Wing Aerodynamic Design For Multidisciplinary Aircraft Assessment

Aircraft design is comprised of many disciplines working concurrently to achieve a best solution, with aerodynamics being a key driver in this process. Design starts at the conceptual stage, when key decisions are taken regarding the type, layout, size and technologies employed in the future aircraft. Typically, perhaps 80-90% of the main design freedoms are fixed during this early stage, yet little detailed performance information is actually available to underpin decision making.

Low-fidelity methods, as currently used in conceptual design, are typically based on historical data rather than flow physics. This means the tools are fast and simple to apply, but confidence in their accuracy is limited, particularly for novel designs. In the subsequent preliminary and detailed design phases, high-fidelity methods based on solution of the fluid flow equations (Computational Fluid Dynamics) are available. These methods are widely applicable, but are computationally expensive and complex. Further, these high fidelity tools require a high quality designed shape, to give a realistic prediction of final aircraft performance.

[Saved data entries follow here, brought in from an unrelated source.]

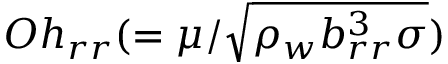
O h _ { r r } ( = \mu / \sqrt { \rho _ { w } b _ { r r } ^ { 3 } \sigma } )
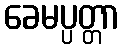
ခေမပ္ပတ္တာ
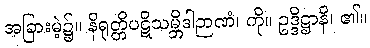
အခြားမဲ့၌။ နိရုတ္တိပဋိသမ္ဘိဒါဉာဏံ၊ ကို။ ဥဒ္ဒိဋ္ဌာနိ၊ ၏။
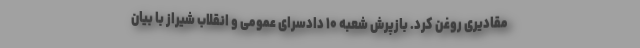
مقادیری روغن کرد. بازپرش شعبه ۱۰ دادسرای عمومی و انقلاب شیراز با بیان
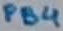
Text: PB4

This research, funded by Airbus, aims to address the need for generation of a 'medium' fidelity computational method, which is suitable for integration into a broader multidisciplinary design process to support conceptual design. The research will involve method development, combining mixed fidelity aerodynamic analysis methods in 2D/3D, surrogate modelling techniques, knowledge integration and optimisation. This research will facilitate the evaluation of more alternative concepts, with increased confidence, during the earliest stages of aircraft design.